The AD x7 is same as the Defender, but missing the top ion cannons, cockpit missiles, and the hyperdrive. I also took photos of the AD x7 with a different background from my Defender, as the mood and story I wanted to convey with the scene seemed to be lighter in tone. My Defender variant, without the story with instructions in the main form here, as I didn't want to mix the two ships and story:

 

Edited by Sylyphics
Posted
14 hours ago, Yperio_Bricks said:

Fantastic ship and a nice sidebuild with the ground crew! The wings look great, as does the cockpit! I also like the greebling on the back.

Thanks!

7 hours ago, MKJoshA said:

Wow, is that a new cockpit technique !?! Great work all around.

Thanks and yep, novel cockpit; the desire to design a new cockpit technique was one of my main motivations for tackling a TIE variant. Chose the AD x7 for having the most ball cockpit as I realty wanted to capture the spherical nature of the TIE series.

Posted

Great model! You came up with a great solution for the cockpit. I used a similar technique in a MOC a while back, so maybe I'm a bit biased. Brick-built TIE fighter wings are a bit of a mind-bender too: creating the right shapes with clean edges and bordering them with Grey is not an easy feat. This is very refined and clean looking. I think this will do very well in the contest, good luck! 

Posted
On 6/6/2023 at 8:53 PM, thomas_jenkins_bricks said:

Great model! You came up with a great solution for the cockpit. I used a similar technique in a MOC a while back, so maybe I'm a bit biased. Brick-built TIE fighter wings are a bit of a mind-bender too: creating the right shapes with clean edges and bordering them with Grey is not an easy feat. This is very refined and clean looking. I think this will do very well in the contest, good luck! 

Thanks, and neat it is the same technique for the triangle! I toyed with using instead part 1941 the ninjago weapon holder, as it has the same triangle shape needed to fill part of the gap between the 6x6 dishes and related shapes, but it was too noisy a look and departed from the smoothness. The biggest challenge were the wedge slopes need to continue the shaping past the triangles, and due to limited space they are actually attached using 3 completely different techniques in different parts of the build.

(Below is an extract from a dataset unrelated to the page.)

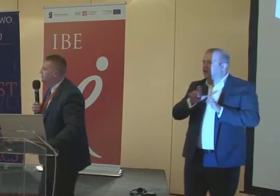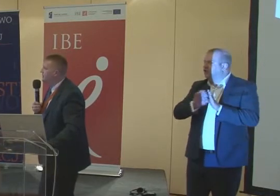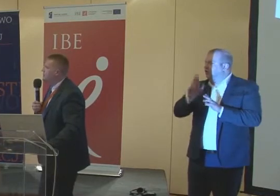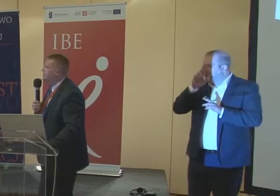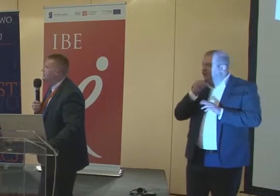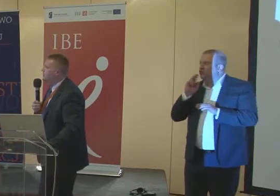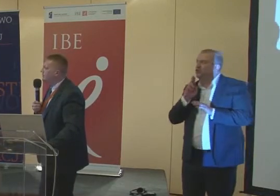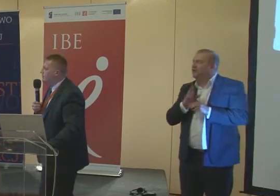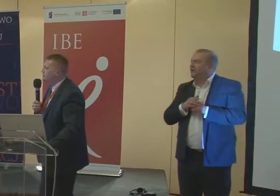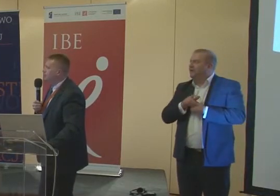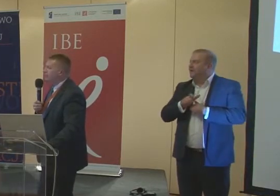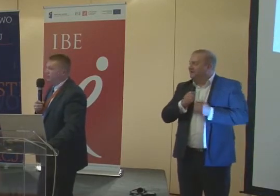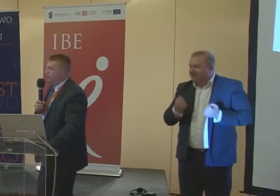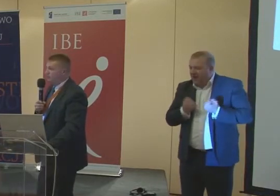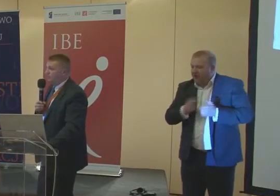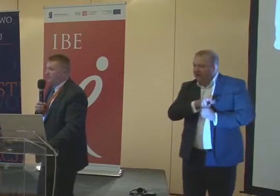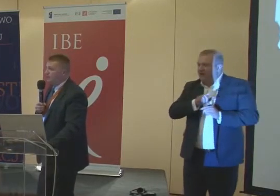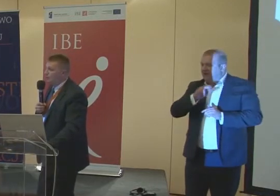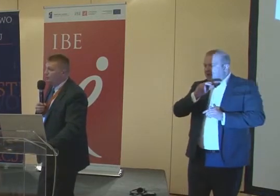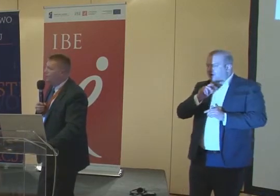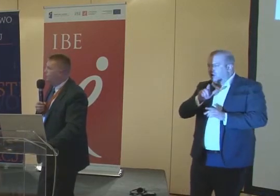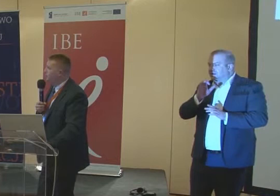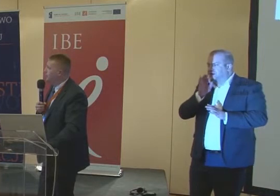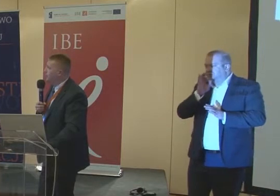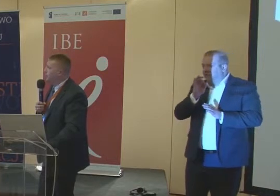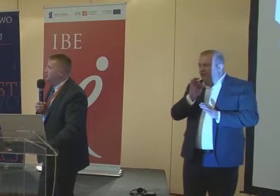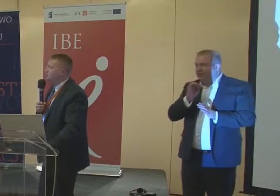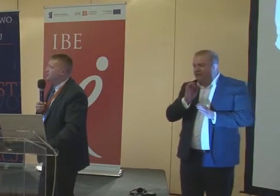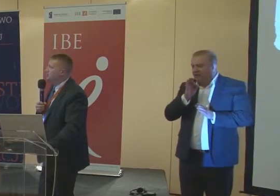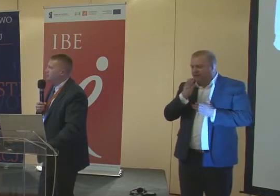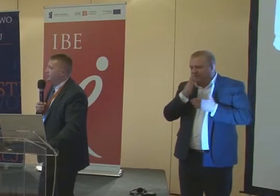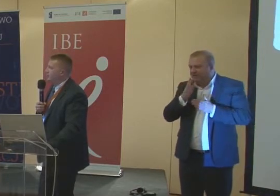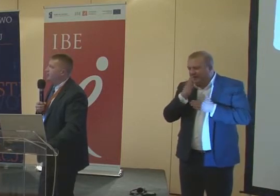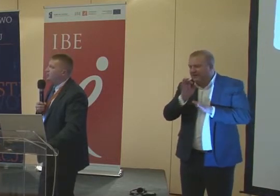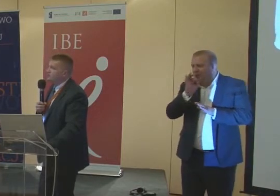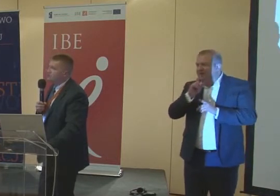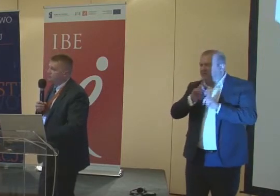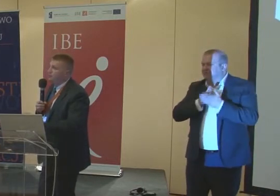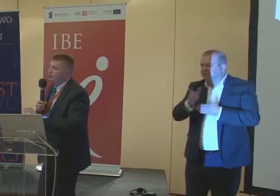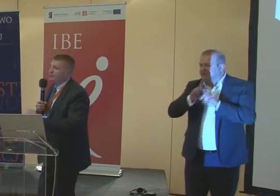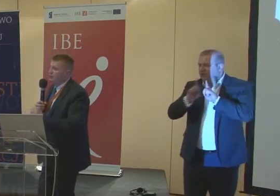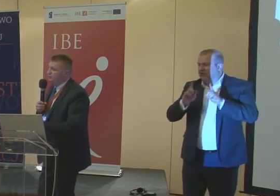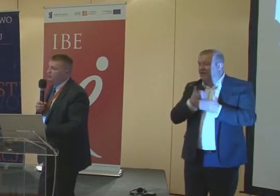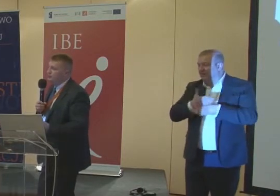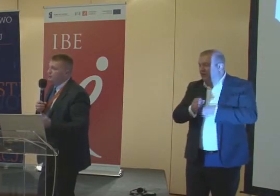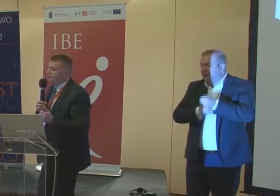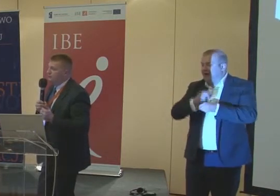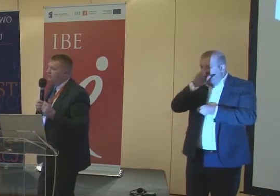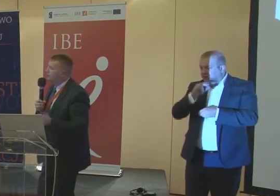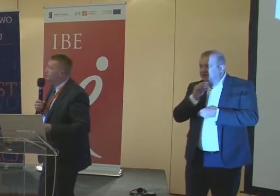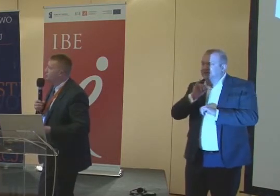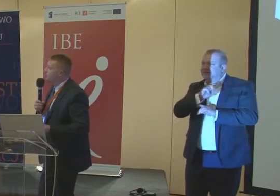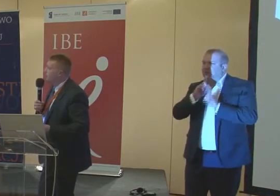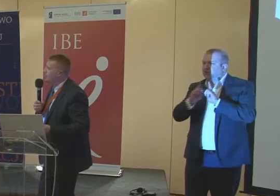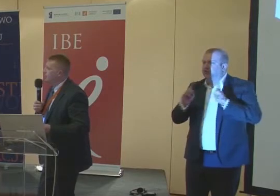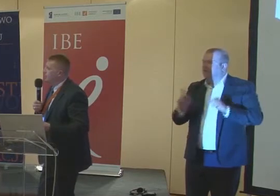i widowym, zaangażowanie oraz wykazanie dobrej woli przez nauczyciela oraz współpraca rodzica,

The brick built wings also were tricky, as I wanted them to be accurate and robust but also like the rest of the build not use any illegal techniques which would stress pieces. The rear of the wing actually needed a slight trick with that, as the tiny irregularity of the 1x1 inverted bracket piece makes it push up pieces almost unnoticeably but it does. Not sure why Lego made that (I think 0.5 LDU) offset. In any case, by making the rear grey trim out of 1x2 tiles, which have no underside stud supports, allows the parts to push together the 0.25 LDU part tolerances in between them and solve the 0.5 LDU extra issue cleanly.

 

22 hours ago, MstrOfPppts said:

Awesome job man! Love the round shape of the cockpit as well as the snoted wings. Really one of my favorite entries and I'm not even a ship guy (:

Thank you, and not being a ship guy makes the compliment better!